PROBLEM TO SOLVE
Only the text of the records belongs in the answer, copied exactly, with every picture omitted.

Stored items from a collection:
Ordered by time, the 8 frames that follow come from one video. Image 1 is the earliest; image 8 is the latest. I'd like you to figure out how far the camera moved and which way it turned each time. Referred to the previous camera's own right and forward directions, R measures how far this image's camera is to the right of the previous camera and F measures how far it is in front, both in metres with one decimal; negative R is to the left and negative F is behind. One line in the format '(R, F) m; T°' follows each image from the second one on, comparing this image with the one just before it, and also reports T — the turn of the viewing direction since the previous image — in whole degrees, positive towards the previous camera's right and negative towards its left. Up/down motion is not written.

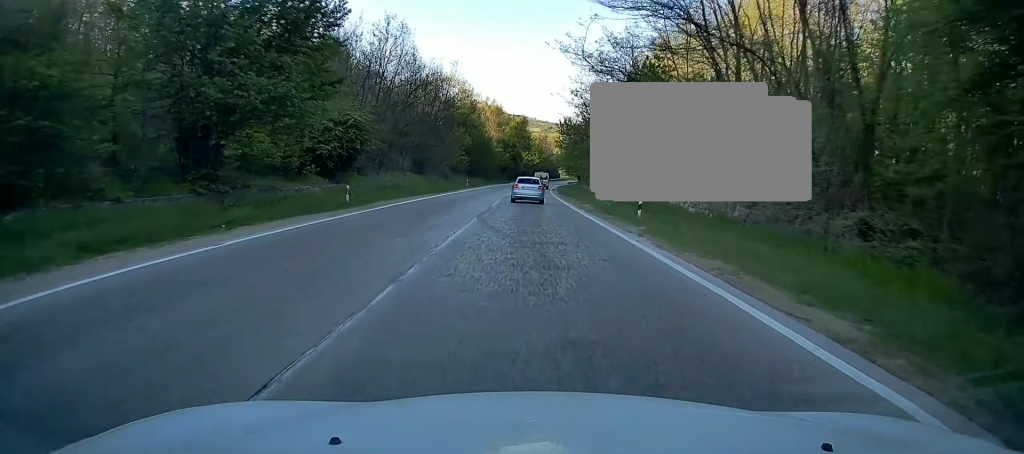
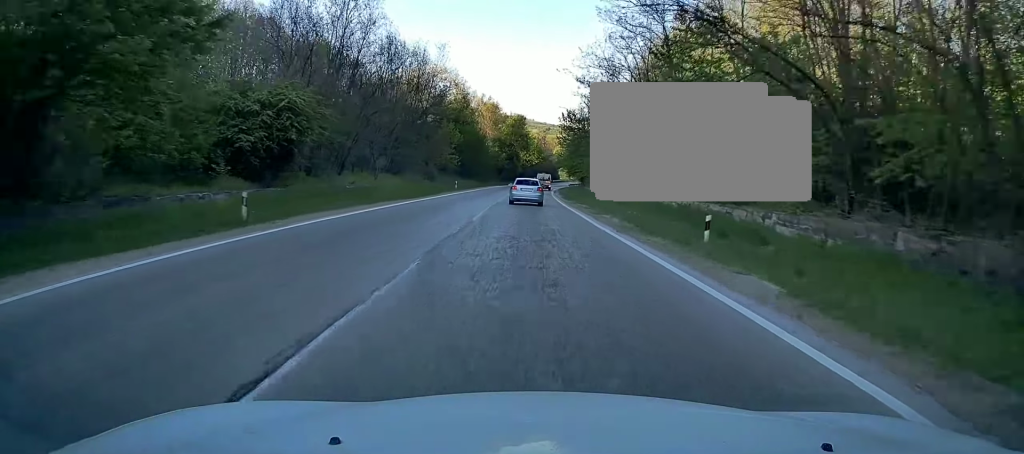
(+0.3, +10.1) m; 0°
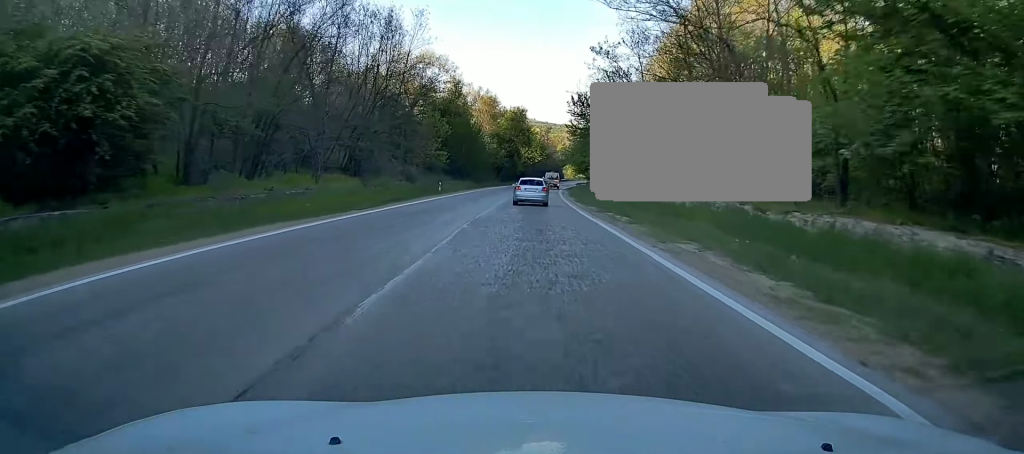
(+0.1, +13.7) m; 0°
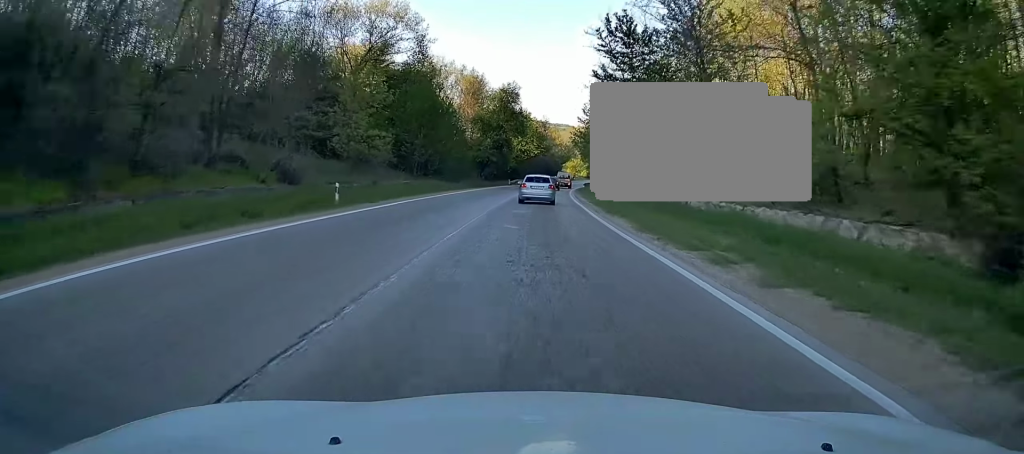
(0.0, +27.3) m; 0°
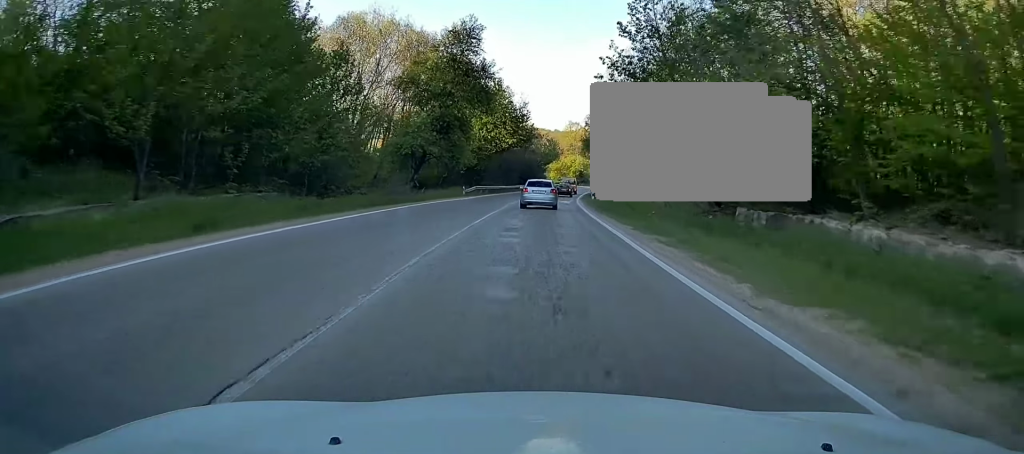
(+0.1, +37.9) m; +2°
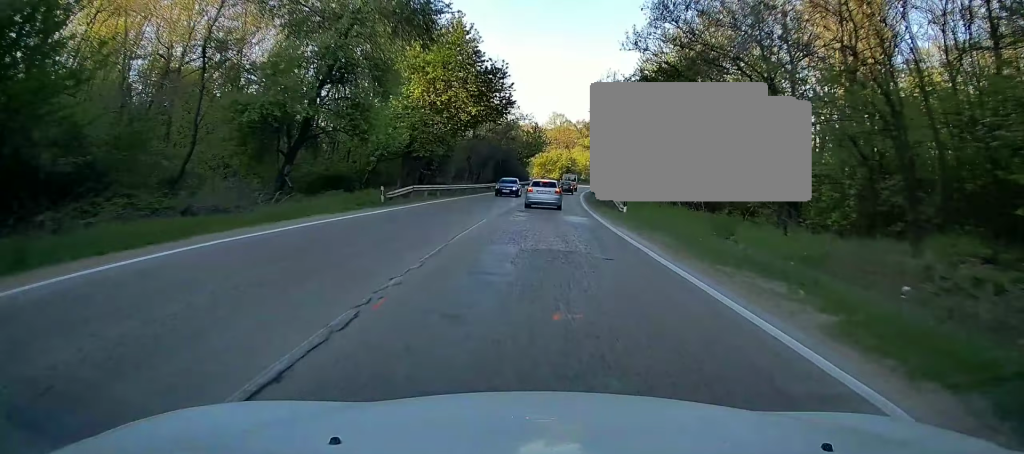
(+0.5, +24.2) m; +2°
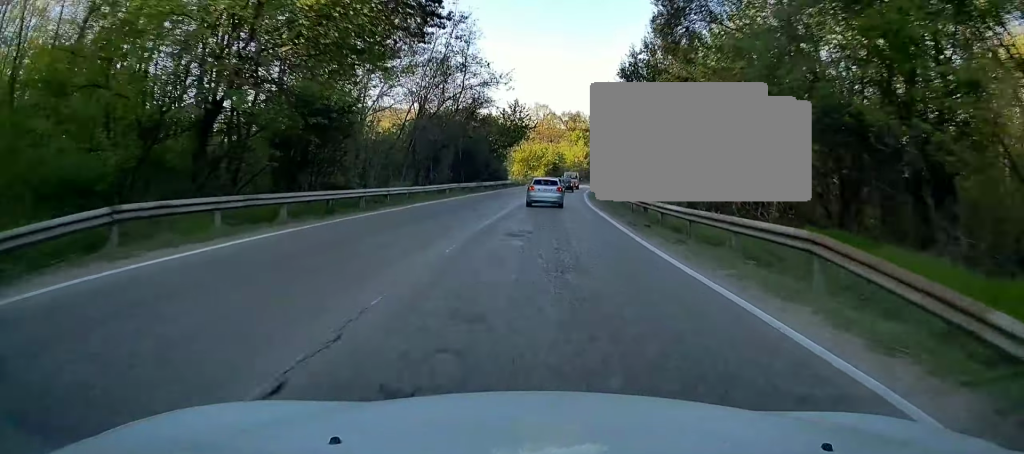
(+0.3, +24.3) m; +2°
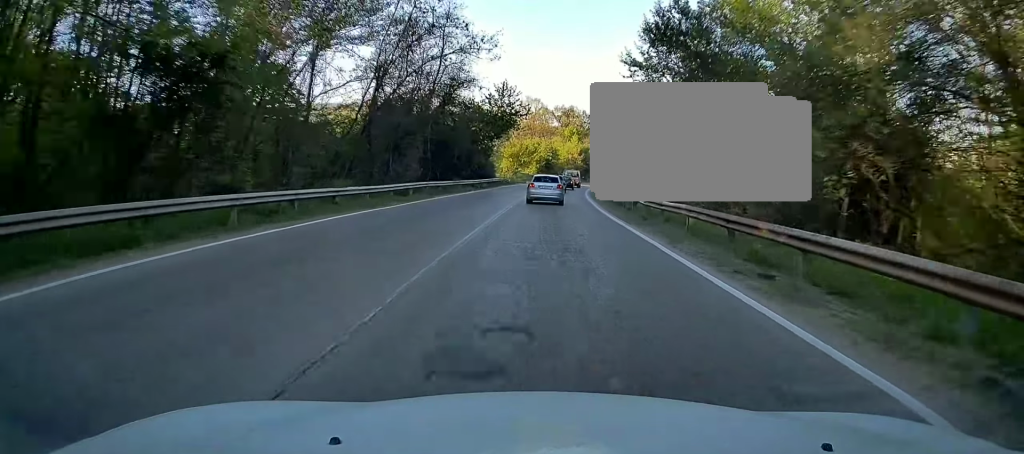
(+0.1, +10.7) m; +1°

COMPLETED EXERCISE
Ordered by time, the 8 frames that follow come from one video. Image 1 is the earliest; image 8 is the latest. I'd like you to figure out how far the camera moved and which way it turned each time. Referred to the previous camera's own right and forward directions, R measures how far this image's camera is to the right of the previous camera and F measures how far it is in front, both in metres with one decimal; negative R is to the left and negative F is behind. One line in the format '(R, F) m; T°' follows each image from the second one on, comparing this image with the one just before it, and also reports T — the turn of the viewing direction since the previous image — in whole degrees, positive towards the previous camera's right and negative towards its left. Up/down motion is not written.

(+0.3, +10.1) m; 0°
(+0.1, +13.7) m; 0°
(0.0, +27.3) m; 0°
(+0.1, +37.9) m; +2°
(+0.5, +24.2) m; +2°
(+0.3, +24.3) m; +2°
(+0.1, +10.7) m; +1°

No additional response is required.